MATERIAL FOR THE TASK:
-----
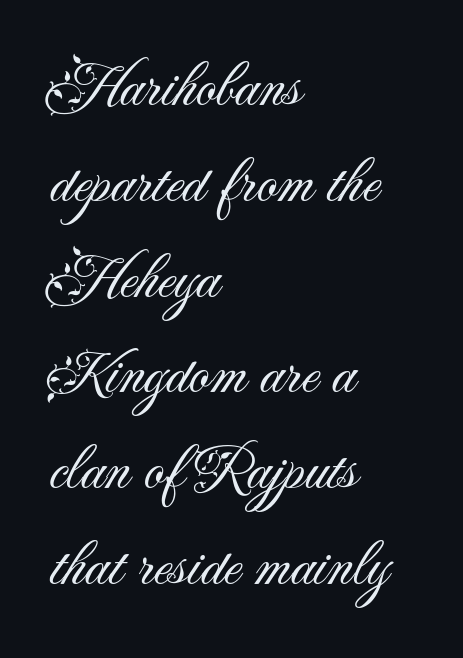
Q: Is the text bold? A: No.
Q: Is the text italic (slanted)? A: Yes.
Q: Is the typeface a serif or a sans-serif typeface? A: Sans-serif.
Q: Is the text underlined? A: No.
Q: How is the paragraph aligned? A: Left-aligned.
Q: Is the spacing between letters normal or unusually wide? A: Normal.
Q: Is the spacing between lines tight, normal or loose? A: Normal.
Q: Width (condensed, normal, or wide)? A: Normal.
Q: Stroke contrast? A: Medium.
Q: x-height? A: Small.
Q: Monospaced? A: No.
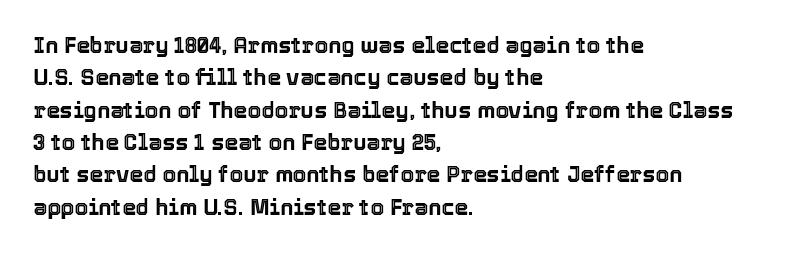
Bare-footed words on every line. The space between consecutive lines is moderate. Caption: standard tracking, unaltered. The lettering holds an erect, upright posture throughout. The text block is weighted toward the left margin, trailing off unevenly rightward.
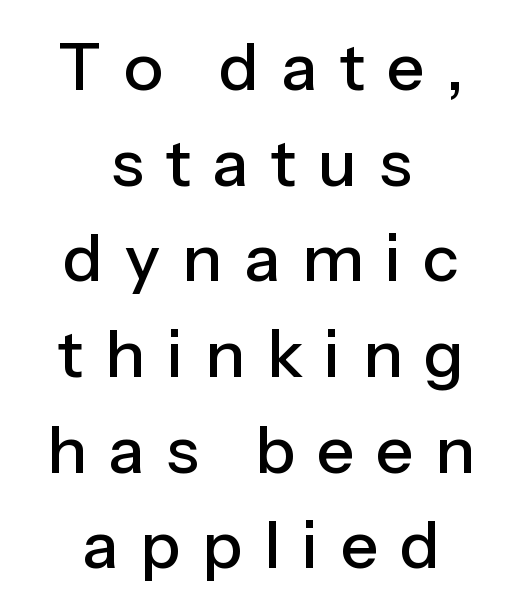
Q: Is the text italic (slanted)? A: No, it is upright.
Q: Is the typeface a serif or a sans-serif typeface? A: Sans-serif.
Q: Is the text underlined? A: No.
Q: How is the paragraph aligned? A: Centered.
Q: Is the spacing between letters normal or unusually wide? A: Unusually wide.
Q: Is the spacing between lines tight, normal or loose? A: Normal.
Q: Width (condensed, normal, or wide)? A: Normal.
Q: Stroke contrast? A: Low.
Q: x-height? A: Medium.
Q: Monospaced? A: No.
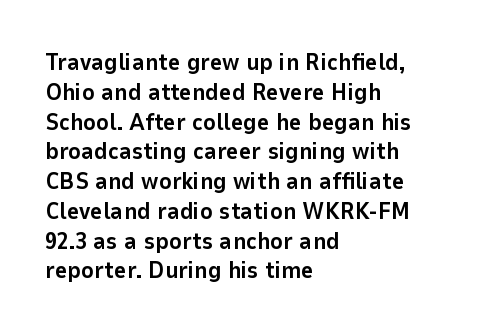
The image shows 24 px bold type, upright; set left-aligned, line spacing 1.24x, normal letter spacing, not underlined.
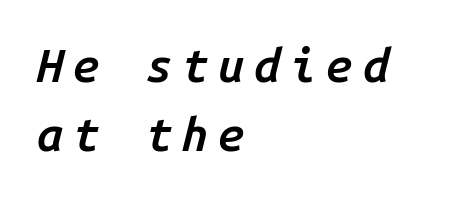
{"italic": "yes", "lean": "right", "slant_degrees": 14, "bold": "semi", "weight": "semibold", "width": "normal", "stroke_contrast": "low", "x_height": "medium", "monospaced": "yes", "underline": "no", "align": "left", "line_spacing": "normal", "line_spacing_ratio": 1.46, "letter_spacing": "wide", "letter_spacing_em": 0.21, "glyph_px": 47}
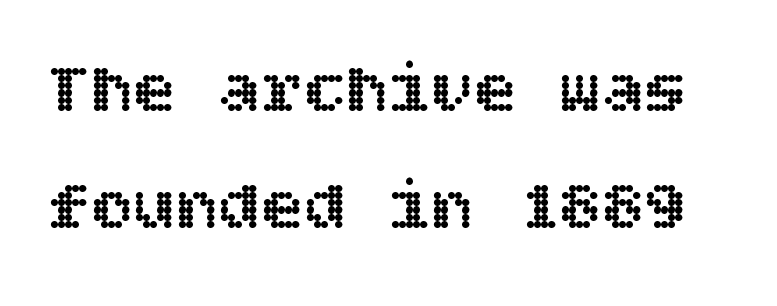
The letters sit at their default tracking, neither squeezed nor spread. Line spacing here is normal. Just letters on the line, the space beneath them empty. The specimen reads as upright at a glance.
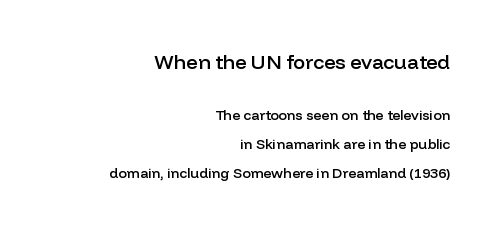
Q: Is the text bold? A: Semi-bold.
Q: Is the text italic (slanted)? A: No, it is upright.
Q: Is the text underlined? A: No.
Q: How is the paragraph aligned? A: Right-aligned.
Q: Is the spacing between letters normal or unusually wide? A: Normal.
Q: Is the spacing between lines tight, normal or loose? A: Loose.
Q: Which block of text is set in a larger size, the first (top) or the second (bottom)? A: The first (top) one.
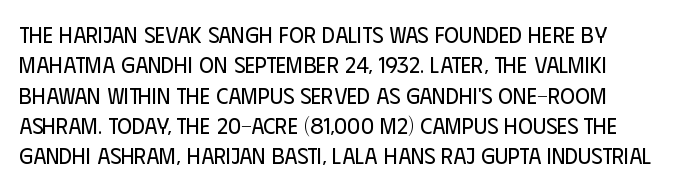
The rows are spaced the way most documents space them. Unbolded letterforms with no extra heft. Bare-footed words on every line. Does extra space separate the letters? No, they use regular spacing. The lettering stays uniformly vertical, giving the passage a roman look.
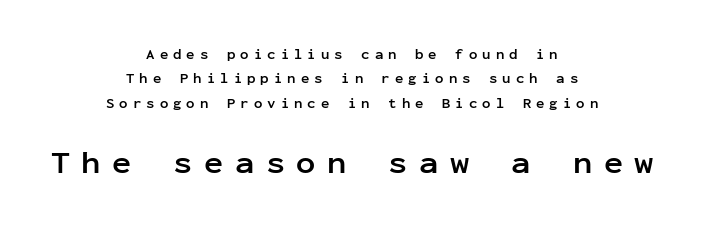
{"serif": "no", "italic": "no", "bold": "yes", "weight": "semibold", "width": "normal", "stroke_contrast": "low", "x_height": "medium", "monospaced": "yes", "underline": "no", "align": "center", "line_spacing_ratio": 1.75, "letter_spacing": "wide", "letter_spacing_em": 0.36, "larger_block": "second", "size_ratio": 2.29, "glyph_px": 32}
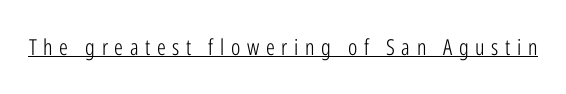
Q: Is the text bold? A: No.
Q: Is the text italic (slanted)? A: No, it is upright.
Q: Is the text underlined? A: Yes.
Q: Is the spacing between letters normal or unusually wide? A: Unusually wide.
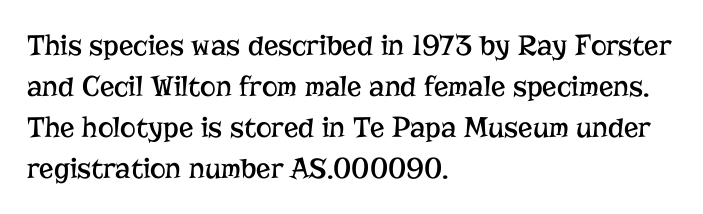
-----
DIRECTIONS: Please find each line in the records above that holds the word "aligned", and copy it.

ANSWER FOR THE TASK:
Q: How is the paragraph aligned? A: Left-aligned.
Q: How is the paragraph aligned? A: Centered.
The image shows 24 px bold type, upright; set left-aligned, line spacing 1.24x, normal letter spacing, not underlined.
Q: How is the paragraph aligned? A: Right-aligned.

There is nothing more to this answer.